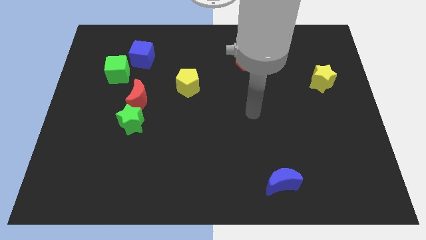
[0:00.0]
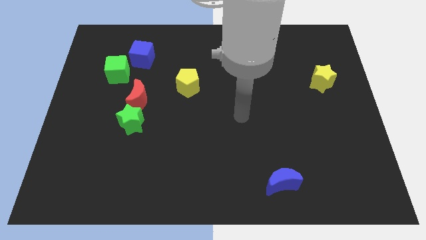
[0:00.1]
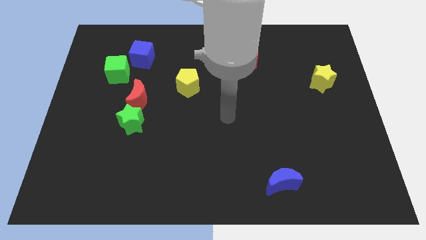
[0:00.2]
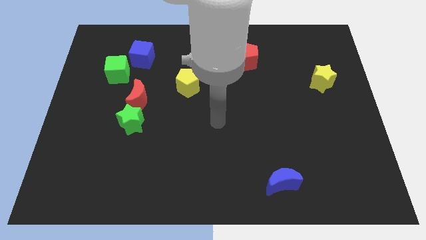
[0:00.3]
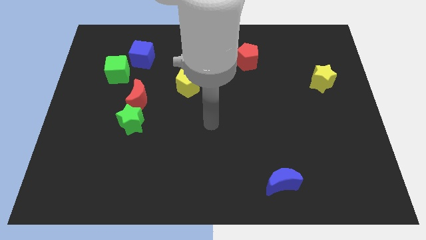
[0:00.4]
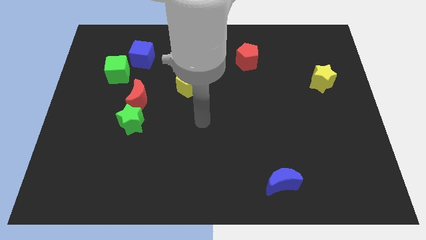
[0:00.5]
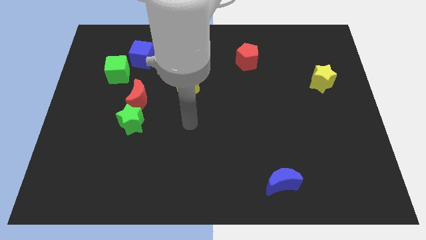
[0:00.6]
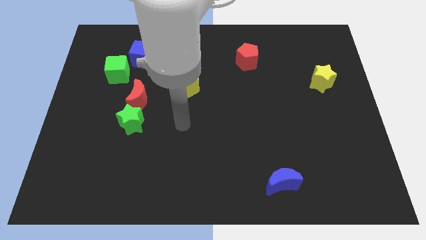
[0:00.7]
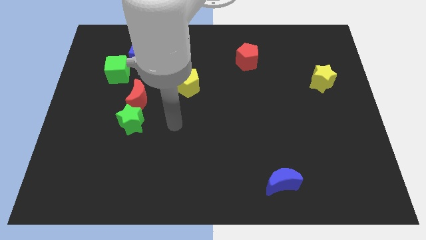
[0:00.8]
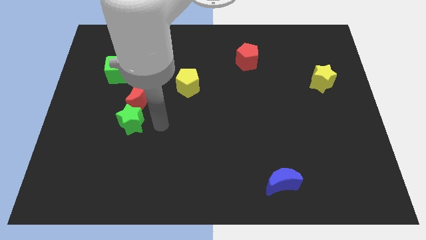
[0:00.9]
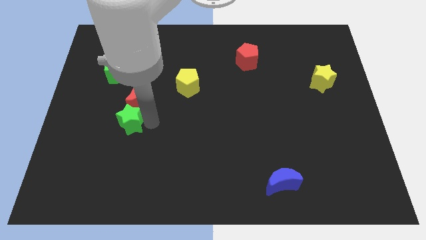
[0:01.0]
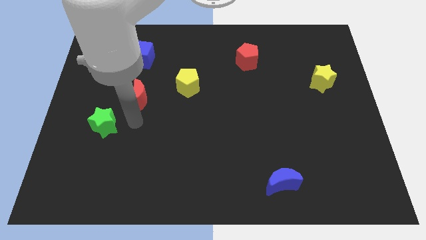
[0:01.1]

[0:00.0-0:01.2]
separate the red moon from the green star

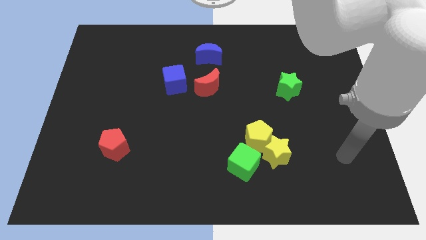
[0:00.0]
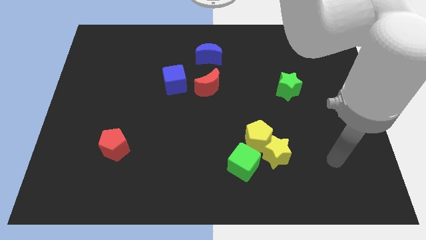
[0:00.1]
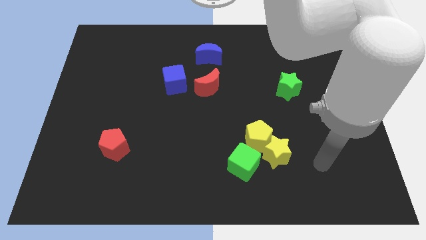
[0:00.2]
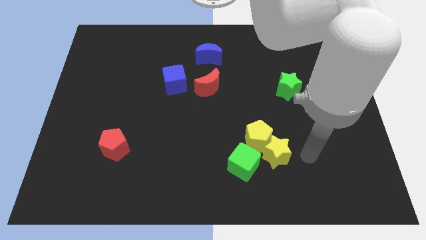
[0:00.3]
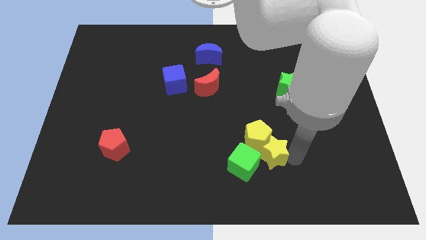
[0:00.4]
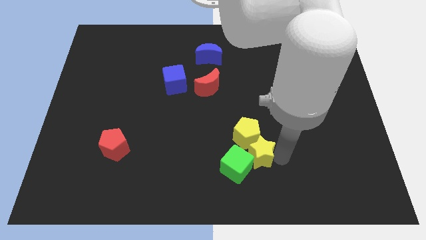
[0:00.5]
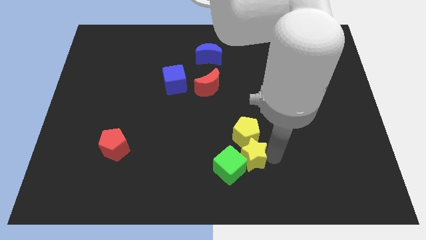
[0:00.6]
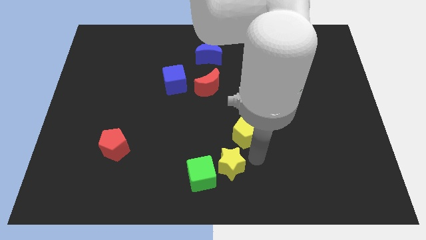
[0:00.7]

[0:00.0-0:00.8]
move the yellow pentagon away from the yellow star and green cube

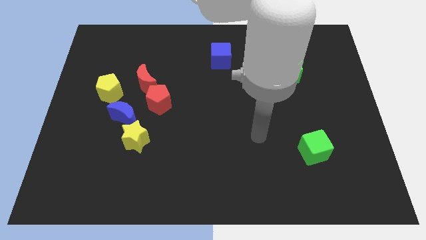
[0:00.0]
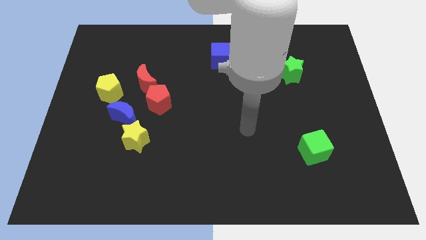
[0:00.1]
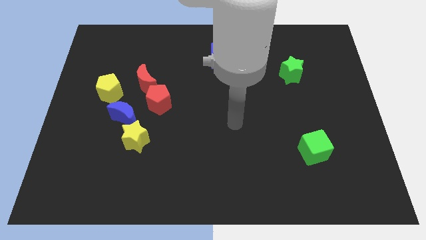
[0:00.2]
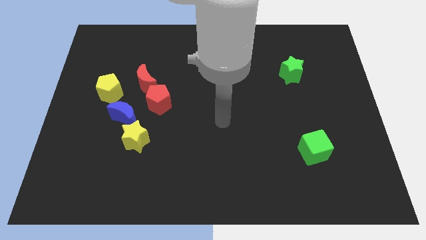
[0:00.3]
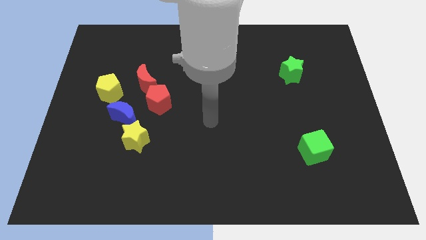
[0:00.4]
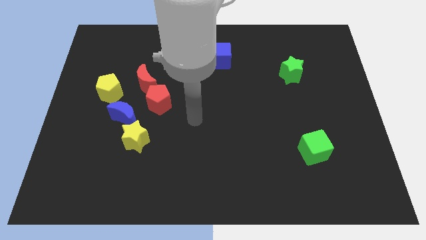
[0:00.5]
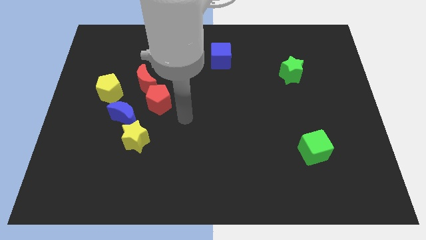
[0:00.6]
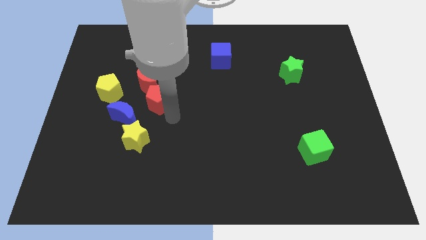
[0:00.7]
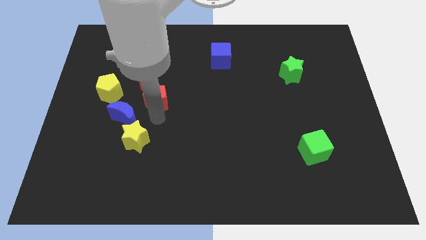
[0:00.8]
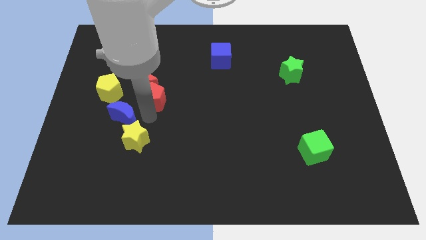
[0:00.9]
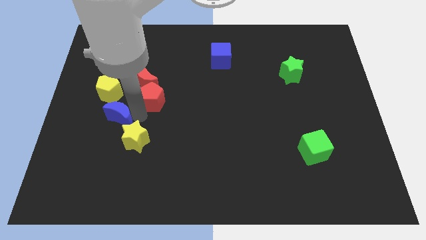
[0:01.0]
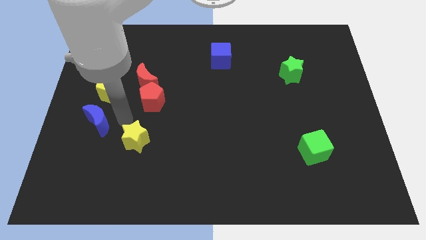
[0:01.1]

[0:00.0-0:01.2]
separate the yellow star from the blue moon

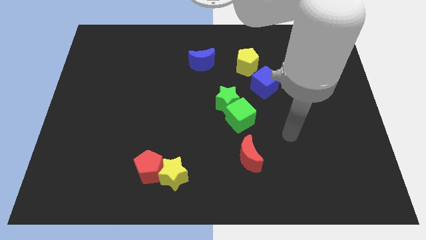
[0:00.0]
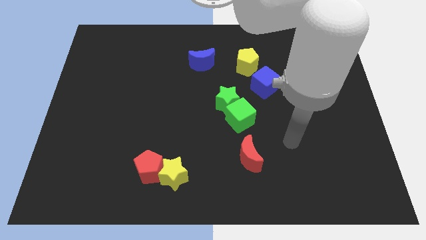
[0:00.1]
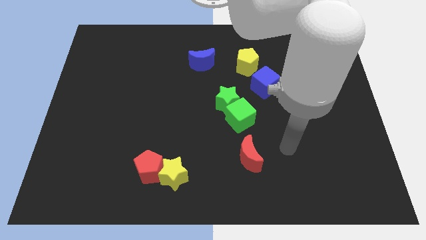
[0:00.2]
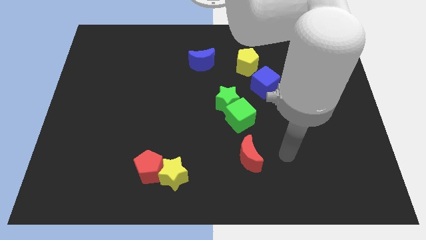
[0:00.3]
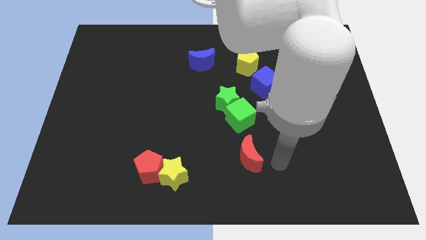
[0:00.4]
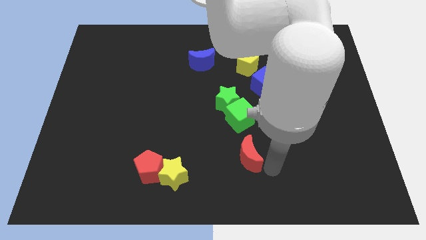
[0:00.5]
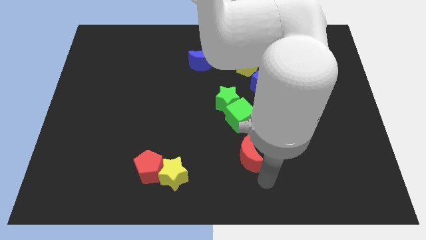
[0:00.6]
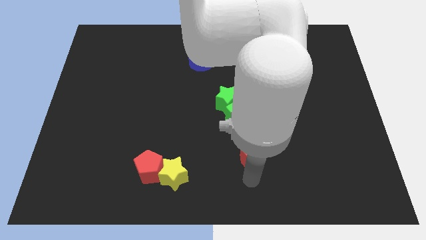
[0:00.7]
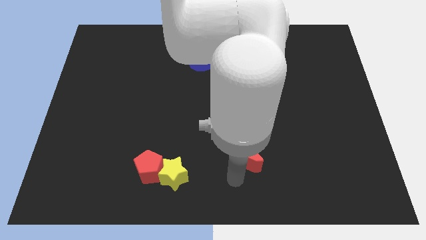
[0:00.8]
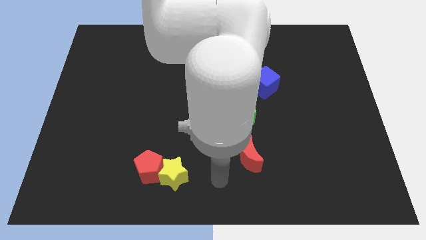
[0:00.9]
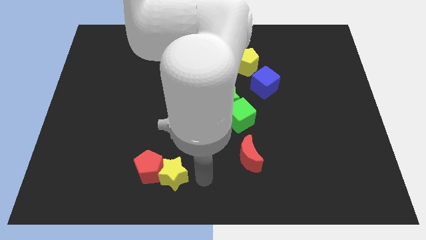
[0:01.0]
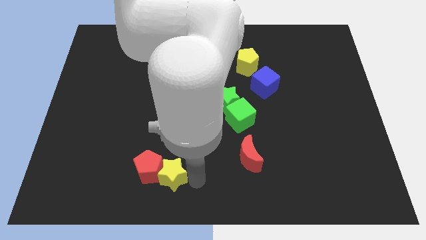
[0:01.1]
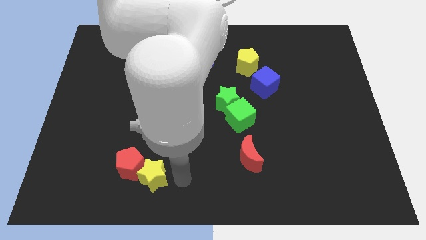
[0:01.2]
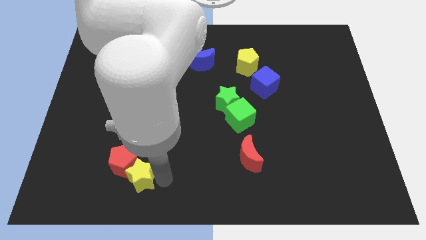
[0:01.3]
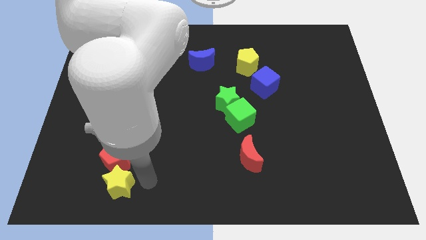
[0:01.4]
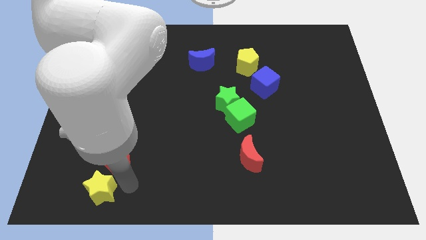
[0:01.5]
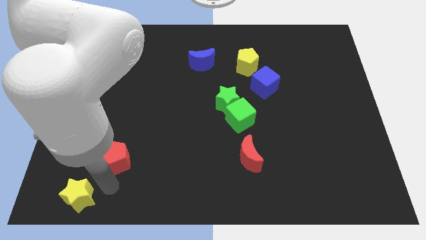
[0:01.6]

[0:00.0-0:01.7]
════
To do
Where a record above holds a picture, drop the picture and print the rest exactly.

Response box
[0:00.0]
[0:00.1]
[0:00.2]
[0:00.3]
[0:00.4]
[0:00.5]
[0:00.6]
[0:00.7]
[0:00.8]
[0:00.9]
[0:01.0]
[0:01.1]

[0:00.0-0:01.2]
separate the red moon from the green star

[0:00.0]
[0:00.1]
[0:00.2]
[0:00.3]
[0:00.4]
[0:00.5]
[0:00.6]
[0:00.7]

[0:00.0-0:00.8]
move the yellow pentagon away from the yellow star and green cube

[0:00.0]
[0:00.1]
[0:00.2]
[0:00.3]
[0:00.4]
[0:00.5]
[0:00.6]
[0:00.7]
[0:00.8]
[0:00.9]
[0:01.0]
[0:01.1]

[0:00.0-0:01.2]
separate the yellow star from the blue moon

[0:00.0]
[0:00.1]
[0:00.2]
[0:00.3]
[0:00.4]
[0:00.5]
[0:00.6]
[0:00.7]
[0:00.8]
[0:00.9]
[0:01.0]
[0:01.1]
[0:01.2]
[0:01.3]
[0:01.4]
[0:01.5]
[0:01.6]

[0:00.0-0:01.7]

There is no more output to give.